Who hasn’t stood on the river bank and stared across at Fort Niagara?

In Niagara-on-the-Lake, America is close. No wonder so many from New York state and beyond trek here. They love us. We’re quaint. Besides, they have disposable income.

Maybe that’s because it’s so much cheaper to be an American. At least when it comes to housing.

The NOTL-Youngstown comparison is stark. OK, they lack politically incorrect horses, a fancy “lord” mayor or streets that look like a Mercedes storage facility. But it’s instructive to ask why the average selling price was $290,000 ($387,400 Cdn) there last month and $1.123 million here.

In Youngstown, the median listing price is down 34 per cent in the past year. Prices actually fell a whopping 10.8 per cent in May. It is, absolutely, a buyer’s market.

In the States, as you know, people can sign up for 30-year loans. Plus there’s the chance of interest deductibility. Oh, yeah, and Trump.

Over here we’ve had 10 interest rate hikes, one small reduction and only a minimal change in local prices. In fact, the latest listings are hard to choke down — almost $6 million for the funeral home on Regent, being sold as ripe for redevelopment (they tell me the operation is relocating not, ahem, croaking), $4 million for a lavish house on a skinny lot in Old Town and well over $5 million for a dated place on a big lot near the NOTL Golf Club.

Despite that, says local Bosley agent Marilyn Francis, “We’re certainly in a buyer’s market at this time.”

The big deal, as mentioned here last week, is the cost of money.

“While there was some anticipation the initial move to bring down rates would help to increase buyer confidence,” Francis adds, “the quarter-point reduction didn’t have a noticeable impact, even with the speculation of further rate cuts to follow.”

Indeed. A nothingburger. 

More rate cuts should come. TD economists just forecast decent growth prospects going forward. StatCan says income gains are running well ahead of inflation — which the Bank of Canada swears will soon be back in its 2 per cent range.

So things should get peachy, even for the multi-million-dollar sellers.

Or maybe not. Let’s look back across the river, because the time between now and November could bring surprises — and may already be what’s kicking the stuffing out of American homebuyer confidence.

Yeah, the orange guy. 

Trump, despite being a felon and grifter, is competitive with Joe Biden (big debate tonight) and has recently raised a boatload of money.
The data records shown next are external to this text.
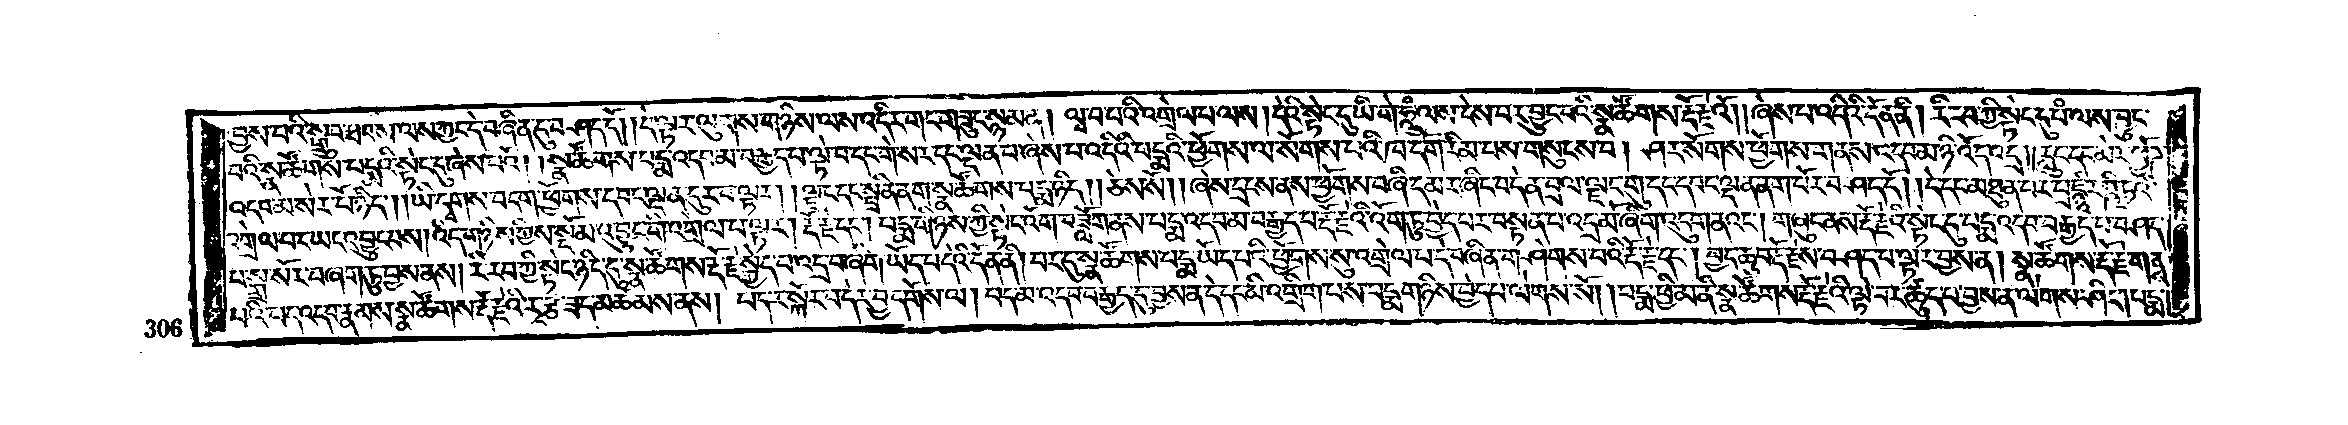བྱས་པའི་སྒྲུབ་ཐབས་ལས་ཀྱང་དེ་བཞིན་དུ་བཤད་དོ། །དེ་ལྟར་ལུགས་གཉིས་ལས་འདིར་གང་གཟུང་སྙམ་ན། ལྭ་བ་པའི་འགྲེལ་པ་ལས། དེའི་སྟེང་དུ་ཡི་གེ་ཧཱུཾ་ལས་ངེས་པར་བྱུང་བའི་སྣ་ཚོགས་རྡོ་རྗེའོ། །ཞེས་པ་འདིའི་དོན་ནི། རི་རབ་ཀྱི་སྟེང་དུ་པཾ་ལས་བྱུང་
བའི་སྣ་ཚོགས་པདམའི་སྟེང་དུ་ཞེས་པའོ། །སྣ་ཚོགས་པདམ་འདབ་མ་བརྒྱད་པ་ལྟེ་བ་དང་གེ་སར་དང་ལྡན་པ་ཞེས་པ་འདིའི་པདམའི་ཕྱོགས་ལ་སོགས་པའི་ཁ་དོག་རིམ་པས་གསུངས་པ། ཤར་སོགས་ཕྱོགས་གནས་འདབ་མ་ཉི་འོད་འདྲ། །རླུང་དང་མེར་ཕྱོགས་
འདབ་མ་སེར་པོ་ཉིད། །ཡི་དྭགས་བདག་ཕྱོགས་དབང་ལྡན་དུར་བ་ལྟར། །ལྗང་དང་སྤྲིན་ནག་སྣ་ཚོགས་པདམ་ཉིད། །ཅེས་སོ། །ཞེས་དྲངས་ནས་ཕྱོགས་བཞི་དམར་བཞིང་བདེན་བྲལ་ལྗང་གུ་དང་དབང་ལྡན་ནག་པོར་བཤད་དོ། །དེ་དང་མཐུན་པར་པྲཛྙཱ་རཀྵི་ཏའི་
འགྲེལ་པར་ཡང་འབྱུང་བས། འདི་གཉིས་ཀྱིས་སྡོམ་འབྱུང་གི་འགྲེལ་པ་ལྟར། རྡོ་རྗེ་དང་། པདམ་གཉིས་ཀྱི་སྟེང་འོག་བཟློག་ནས་པདམ་འདབ་མ་བརྒྱད་པ་རྡོ་རྗེའི་འོག་ཏུ་བྱེད་པར་བསྟན་པ་འདྲ་མོ་ཞིག་འདུག་ནའང་། གཞུང་ནས་རྡོ་རྗེའི་སྟེང་དུ་པདམ་འདབ་བརྒྱད་པ་བཤད་
པ་སྒྲ་སོར་བཞག་ཏུ་བྱས་ན། རི་རབ་ཀྱི་སྟེང་ཉིད་དུ་སྣ་ཚོགས་རྡོ་རྗེ་སྐྱེད་པ་འདྲ་བ་ཞིག་ཡོད་པ་དེའི་དོན་ནི། བར་དུ་སྣ་ཚོགས་པདམ་ཡོད་པའི་ཕྱོགས་སུ་འགྲེལ་པ་དེ་བཞིན་གཤེགས་པའི་རྡོ་རྗེ་དང་། བྱང་ཆུབ་རྡོ་རྗེས་བཤད་པ་ལྟར་བྱས་ན། སྣ་ཚོགས་རྡོ་རྗེ་གནས་
པའི་པད་འདབ་རྣམས་སྣ་ཚོགས་རྡོ་རྗེའི་རྭ་རྩ་ཟད་མཚམས་ནས། པད་ར་སྐོར་བ་དེར་བྱ་དགོས་ལ། པད་མ་འདབ་བརྒྱད་དུ་བྱས་ན་དེ་དང་མི་འགྲིག་པས་པདམ་གཉིས་བྱེད་པ་ལེགས་སོ། །པདམ་ཕྱི་མ་ནི་སྣ་ཚོགས་རྡོ་རྗེའི་ལྟེ་བར་ཚུད་པ་བྱས་ན་ལེགས་ཤིང་། པདམ་

In line with the populist sentiment sweeping Europe, Trump believes in nationalism and protectionism, with avowed intent to impose tariffs and duties on all imports. There are also concerns he’ll do to the Fed what he did to the Supreme Court, and engineer a stimulative rate drop.

All of this, says Scotiabank’s chief economist, would be very inflationary while depressing the economy (global trade works, protectionism doesn’t) and whack Canada hard. Like, a job-sucking recession. Interest rates here, a recent bank report suggested, could rise almost 2 per cent. The combination of trade woes and swelling money costs would be bad news for residential real estate.

It’s not like Trump would put a wall down the Niagara River, but he might as well. Never in history have nationalist economic policies (in this case “America first”) had a good outcome. Costs go up. So do prices and profits. Trade takes a hit. And Trump’s planned tax breaks would hike the breathtaking USA debt.

This isn’t political. It’s math. And a threat. So, you might wish to have a word with those nice visiting folk while they suck down an ice cream on Queen Street.